Very softly, Titi read aloud to herself – an old paragraph written long ago. It had been written on a particularly memorable day. One of her more grandiloquent passages.
A sentence does not end at the period. It ends with a parenthesis. The unsaid, the inexpressible, the vital phrase that follows it. Unarticulated – rendered invisible by the cloak of the brackets. Those words haunt the sentence. But one can only guess at its existence. One can only speculate what that all-important line means. We look at the speaker with all our eyes; we strain our ears to catch those words.

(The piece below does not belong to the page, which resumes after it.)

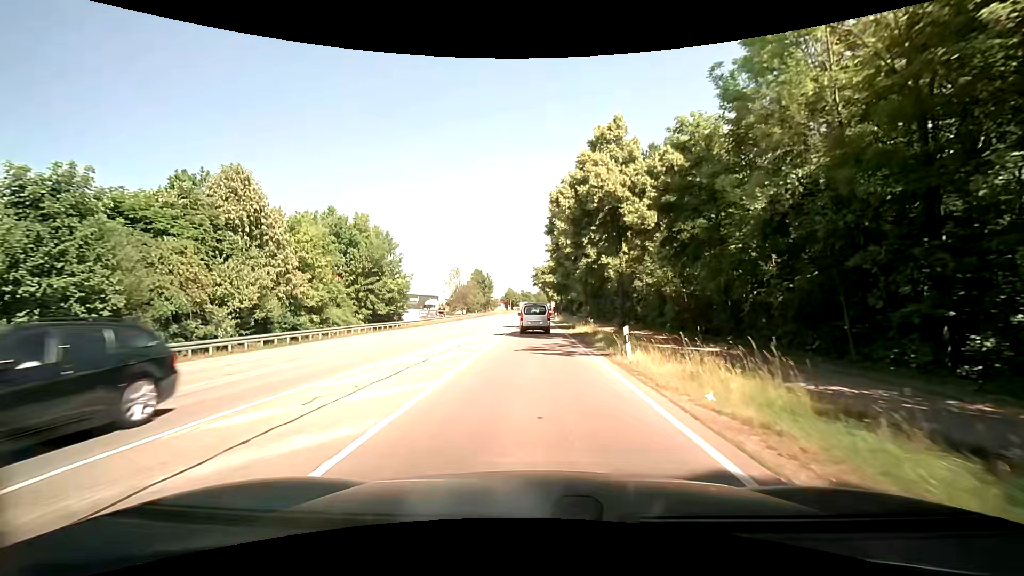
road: secondary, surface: asphalt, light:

We FEEL! But we are not meant to know.
Titi scowled in dissatisfaction. How juvenile! Of course people said only half of what they meant. She had wasted precious words to state something very obvious. Slowly and deliberately she tore the page away and put it in the dustbin. Everything felt different today. She looked at the seven words on the white page. Soon the white would be beautifully patterned with blue.
“Hello?”
“Did I wake you up?”
“I couldn’t sleep! I was worried about you!”
“Really? But you couldn’t call?”
“You were in hospital!”
“Huh. They let me go. The doctor was such a bas**rd. He said that my mother would be able to take care of me. As if he knows what she is like! However hard I try, I just can’t get away from her! Didn’t I try enough? Thank god that she got tired of bit**ing about your mom and fell asleep, her voice was killing me! Hello? Hello? Titi? Hello?”
Titi looked across the floor at her phone. The back-cover and the battery had come apart, but it seemed unharmed. Titi reread the words that she had produced. With a sudden burst of violence she tore the page to bits and flung it across the room.